Reference Table for the Bessemer Process
| Aspect | Details |
|---|---|
| Invention Name | Steelmaking by the Bessemer process |
| Short Definition | Industrial process that converts molten pig iron into steel by forcing air through it. |
| Date / Period | Mid-1850s; U.S. patent dated November 11, 1856 (Details-1) |
| Date Certainty | Patent record: certain; development path: shared and debated |
| Main Geography | Sheffield, England; later Barrow-in-Furness, Sweden, and the United States |
| Inventor / Source Culture | Sir Henry Bessemer; related work by William Kelly and later refinements by several metallurgists |
| Category | Metallurgy; steelmaking; industrial materials production |
| Main Need | Faster, cheaper steel than crucible steel, cementation steel, and puddled iron routes |
| How It Works | Air blast oxidizes excess carbon and other impurities in molten pig iron. |
| Material Base | Pig iron, atmospheric air, refractory lining, slag-forming oxides, spiegeleisen or other recarburizing additions |
| Early Industrial Use | Rails, plates, machinery parts, and large steel castings where suitable iron chemistry was available |
| Known Early Converter | Original pilot converter used at Barrow Haematite Steel Company; first cast there in May 1865 (Details-2) |
| Main Strength | Large batches of steel in minutes rather than slow small-batch production |
| Main Limitation | Poor control of phosphorus in the original acid process; limited chemical adjustment during the blow |
| Important Variants | Acid Bessemer; basic Bessemer / Thomas-Gilchrist process; later oxygen converter lineage |
| Impact Areas | Rail transport, bridges, shipbuilding, machinery, urban construction, steel metallurgy |
| Later Successors | Open-hearth steelmaking, basic oxygen steelmaking, electric arc furnace steelmaking |
| Historical Debate | Priority and credit involve Bessemer, William Kelly, Robert Mushet, Göran Göransson, and later converter designers. |
Molten iron did not calmly turn into modern steel. It hissed, flared, spat slag, and changed color while air rushed through it from below. That violent moment is the center of the Bessemer process, one of the inventions that moved steel from a costly specialist material into an everyday industrial metal. Not perfect steel, not for every use, but steel made fast enough to change railways, bridges, ships, factories, and the basic shape of industrial life.
Contents
What the Bessemer Process Is
The Bessemer process is a steelmaking method that refines molten pig iron inside a refractory-lined vessel called a converter. Air enters through small openings near the bottom. Oxygen in that air reacts with carbon, silicon, manganese, and other elements in the liquid iron.

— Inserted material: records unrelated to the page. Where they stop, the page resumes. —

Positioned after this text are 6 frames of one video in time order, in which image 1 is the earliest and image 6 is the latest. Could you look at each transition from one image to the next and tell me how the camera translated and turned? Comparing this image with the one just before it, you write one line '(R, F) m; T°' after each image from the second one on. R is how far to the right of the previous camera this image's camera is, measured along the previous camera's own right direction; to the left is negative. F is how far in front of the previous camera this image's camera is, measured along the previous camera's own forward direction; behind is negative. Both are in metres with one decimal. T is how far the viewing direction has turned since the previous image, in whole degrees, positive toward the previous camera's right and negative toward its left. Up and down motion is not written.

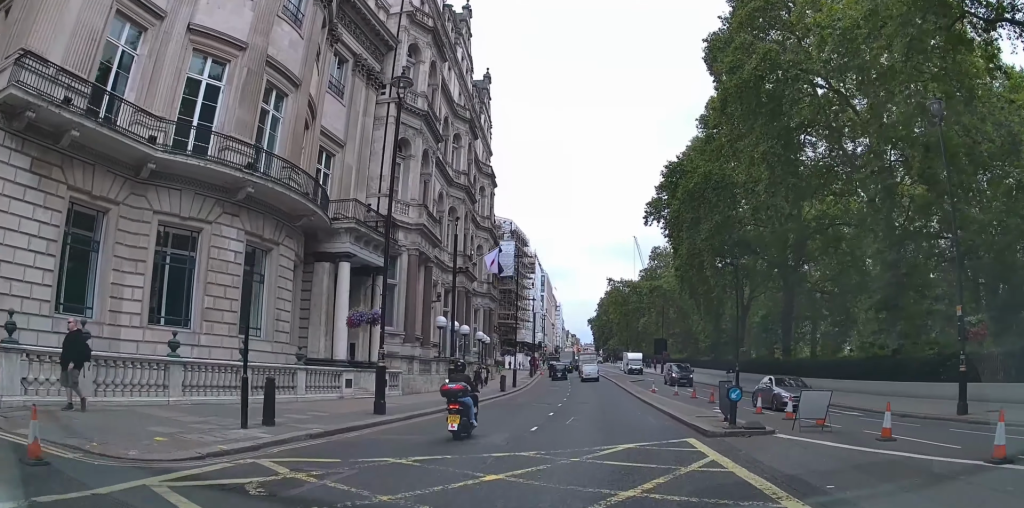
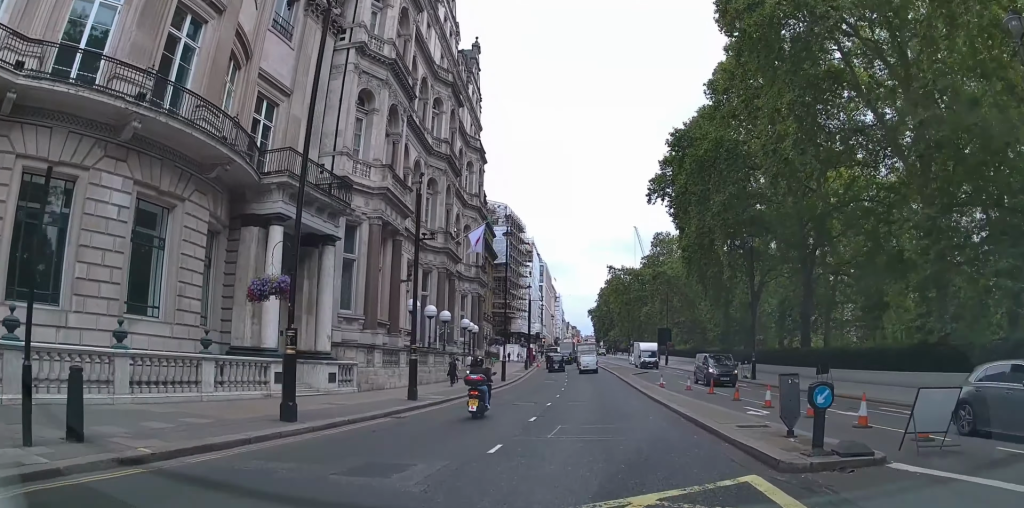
(+0.2, +5.3) m; +1°
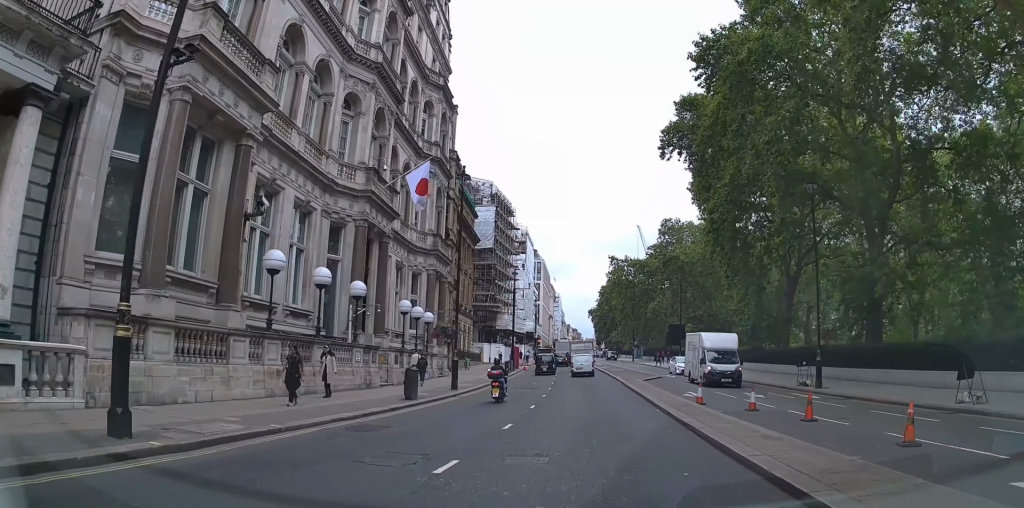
(+0.6, +14.4) m; +2°
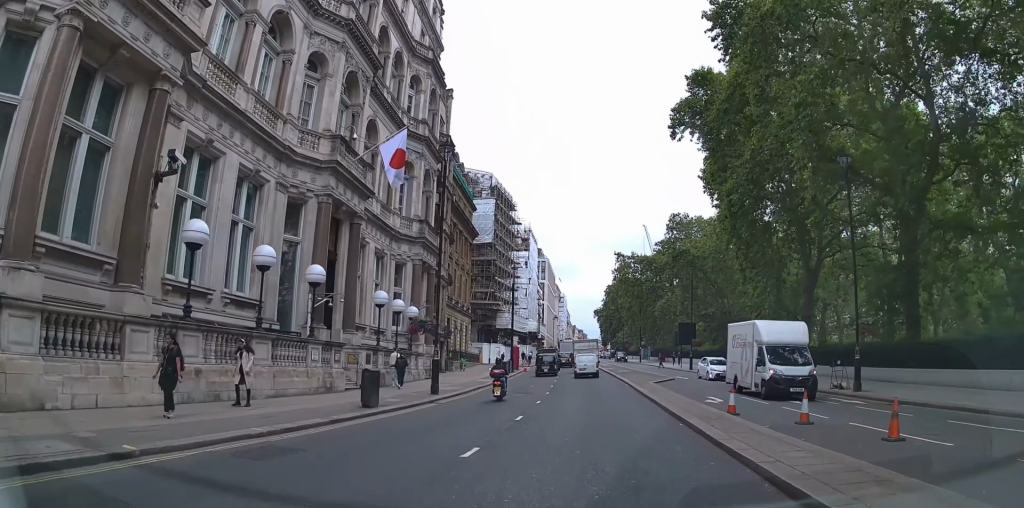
(-0.4, +4.4) m; 0°
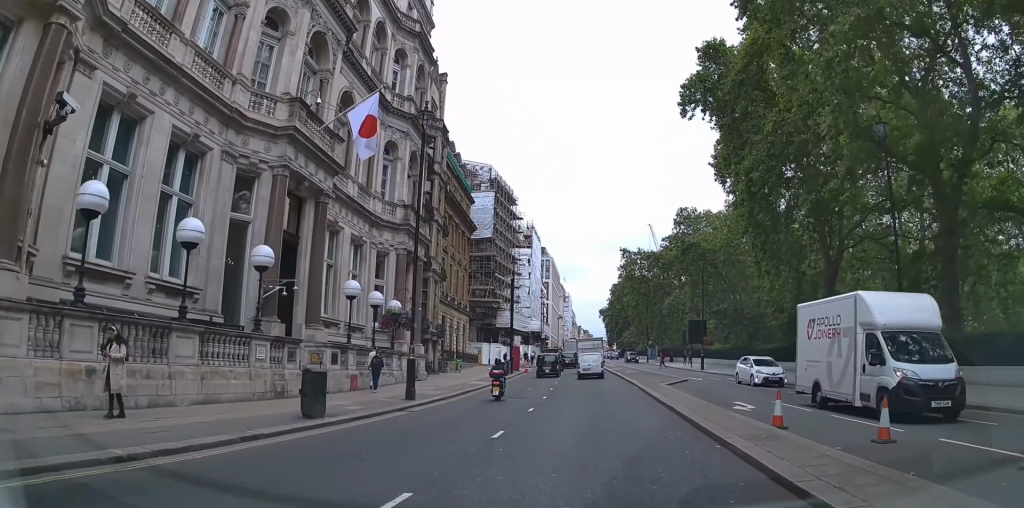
(+0.2, +3.9) m; +1°
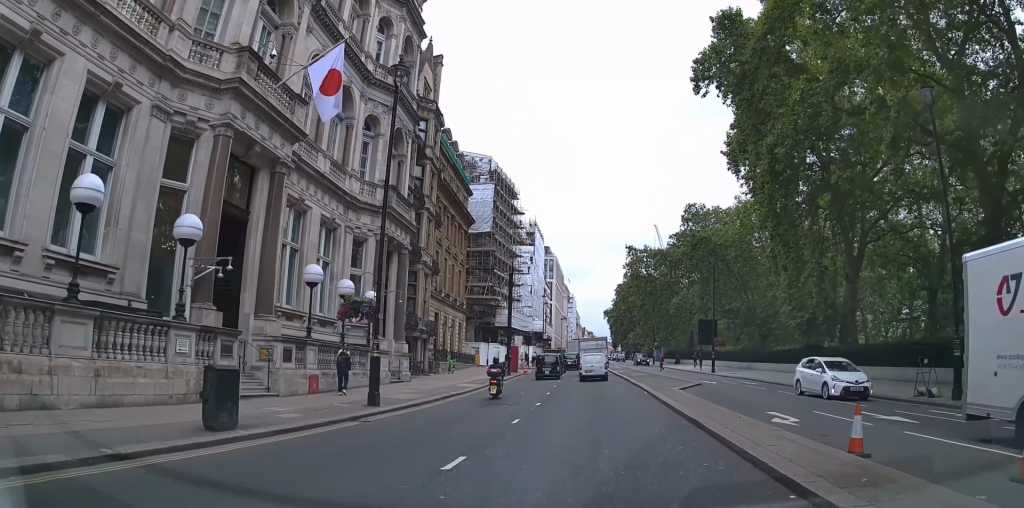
(+0.3, +3.9) m; +1°

The result is not magic. It is oxidation, heat, and timing. The process removes too much carbon at first, so the steelmaker usually adds carbon and manganese back in controlled form afterward. In many works, that corrective addition came through spiegeleisen, a ferromanganese alloy that helped restore workable steel chemistry.
Short version, in plain terms: the converter used air as both a chemical tool and a heat source. That was the trick. Once the reactions started, the carbon inside the molten iron helped keep the metal hot.

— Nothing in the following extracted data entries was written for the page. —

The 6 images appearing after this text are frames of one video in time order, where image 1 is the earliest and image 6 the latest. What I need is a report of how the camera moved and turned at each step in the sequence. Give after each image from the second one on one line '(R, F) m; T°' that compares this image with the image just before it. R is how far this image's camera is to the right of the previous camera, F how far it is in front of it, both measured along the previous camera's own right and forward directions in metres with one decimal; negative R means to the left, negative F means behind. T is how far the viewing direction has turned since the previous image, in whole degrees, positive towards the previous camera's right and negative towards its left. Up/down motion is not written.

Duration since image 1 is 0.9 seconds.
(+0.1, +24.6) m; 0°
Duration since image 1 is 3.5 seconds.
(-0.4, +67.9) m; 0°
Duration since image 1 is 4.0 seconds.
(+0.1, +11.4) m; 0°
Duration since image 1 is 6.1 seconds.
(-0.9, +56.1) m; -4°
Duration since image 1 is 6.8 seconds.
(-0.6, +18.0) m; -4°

Core idea: molten pig iron + forced air + controlled oxidation = steel made in large batches far faster than older small-batch methods.
Why Steel Needed a New Process
Before Bessemer steel, high-quality steel existed, but it was slow and costly to make. Crucible steel could produce fine material, yet the batch size stayed small. Wrought iron was useful and familiar, but it did not offer the same balance of strength, elasticity, and hardenability as steel.
Railways created a hard problem. Iron rails wore out. Heavy locomotives punished them. Bridges, boilers, machines, ship plates, shafts, axles, and tools all asked for a metal that could be made in much greater volume.
Steel was wanted everywhere, but the old production routes could not feed that appetite at a low enough cost.
The Industrial Problem Behind the Invention
- Cost: Steel was too expensive for many large projects.
- Speed: Older routes needed repeated heating, handling, and skilled labor.
- Scale: Small batches could not match railway and engineering demand.
- Consistency: Industrial users needed repeatable material, not just excellent one-off batches.
- Raw material pressure: Pig iron was available in large amounts, but refining it into steel remained the bottleneck.
Invention Credit and Early Development
Henry Bessemer gave the process its name and turned it into a commercial steelmaking system. Still, the story has more than one name. William Kelly in the United States worked on a similar air-blown idea, and several later figures made the process more reliable, more usable, and more suited to real ironworks conditions.
That matters. Inventions like this rarely arrive as one neat flash. They arrive half-formed, fail in public, get patched by practical workers, and then harden into industry. A bit messy, yes. Very real.
Britannica notes that the process was associated with Bessemer, while similar work by Kelly and later contributions by Robert Forester Mushet and Göran Göransson shaped its broader success (Details-3).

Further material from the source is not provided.